> **Excerpted data**
★ ★ ★ ★ ★ ★ ★

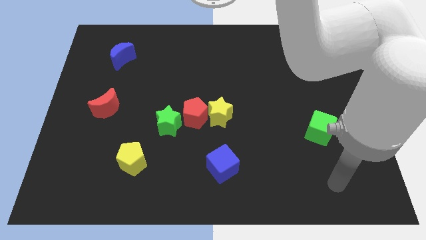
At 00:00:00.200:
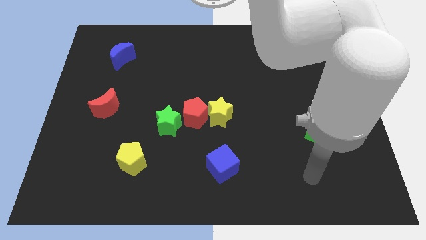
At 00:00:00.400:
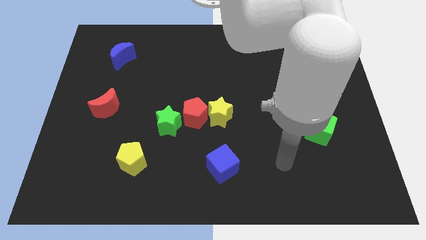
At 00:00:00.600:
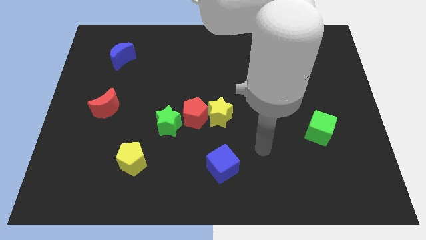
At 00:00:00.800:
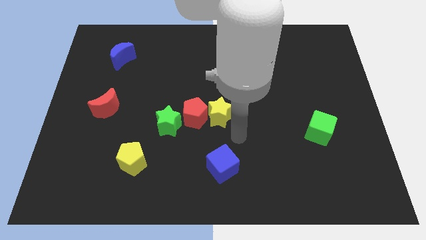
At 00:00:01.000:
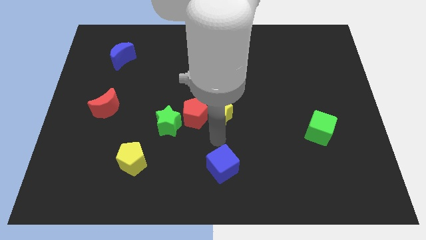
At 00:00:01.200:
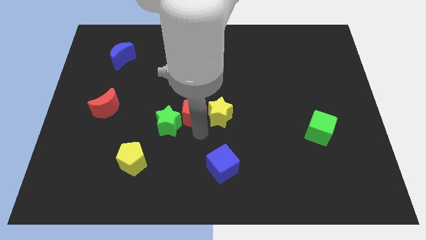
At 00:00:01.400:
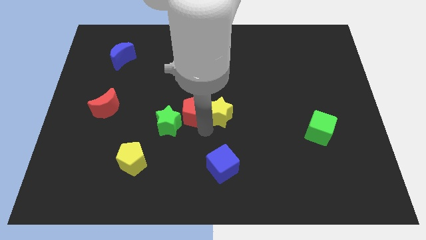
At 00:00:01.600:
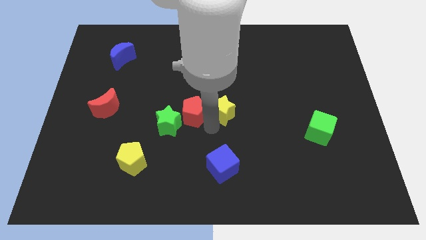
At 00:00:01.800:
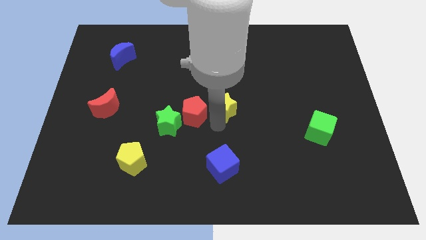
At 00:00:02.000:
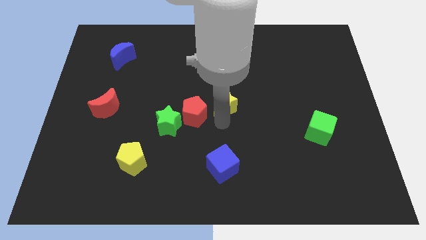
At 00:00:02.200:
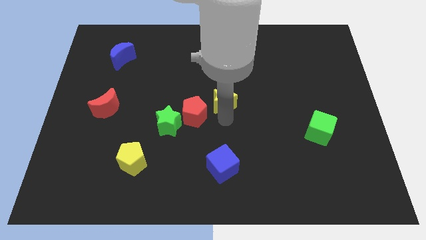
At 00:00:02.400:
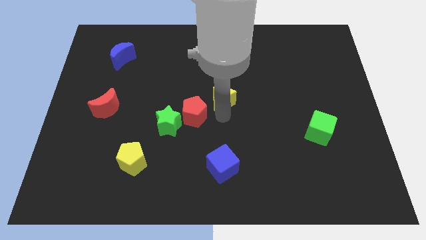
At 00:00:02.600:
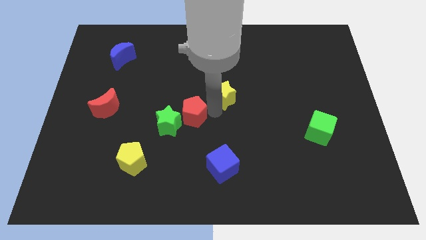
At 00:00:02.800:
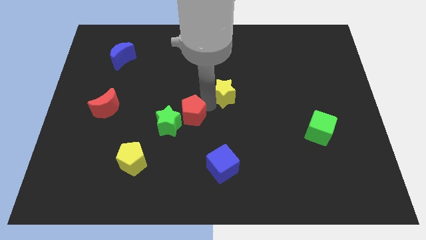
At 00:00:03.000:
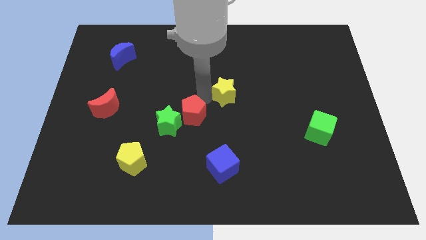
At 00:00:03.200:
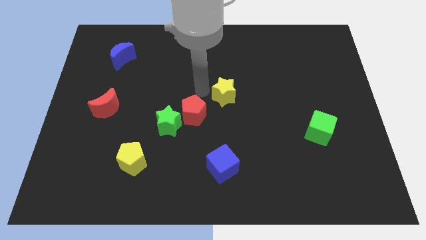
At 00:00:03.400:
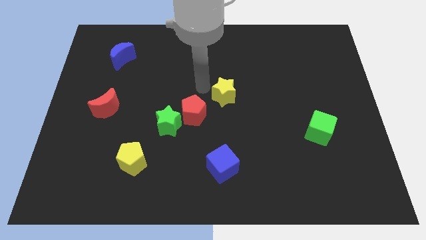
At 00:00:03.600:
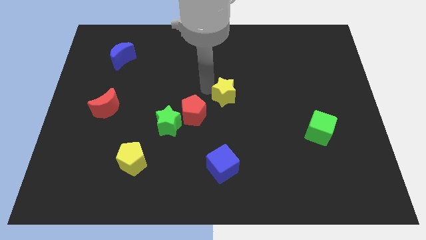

★ ★ ★ ★ ★ ★ ★

> **Exercise aim**
Print all the lines above again exactly, without any pictures.

> **Task answer**
At 00:00:00.200:
At 00:00:00.400:
At 00:00:00.600:
At 00:00:00.800:
At 00:00:01.000:
At 00:00:01.200:
At 00:00:01.400:
At 00:00:01.600:
At 00:00:01.800:
At 00:00:02.000:
At 00:00:02.200:
At 00:00:02.400:
At 00:00:02.600:
At 00:00:02.800:
At 00:00:03.000:
At 00:00:03.200:
At 00:00:03.400:
At 00:00:03.600:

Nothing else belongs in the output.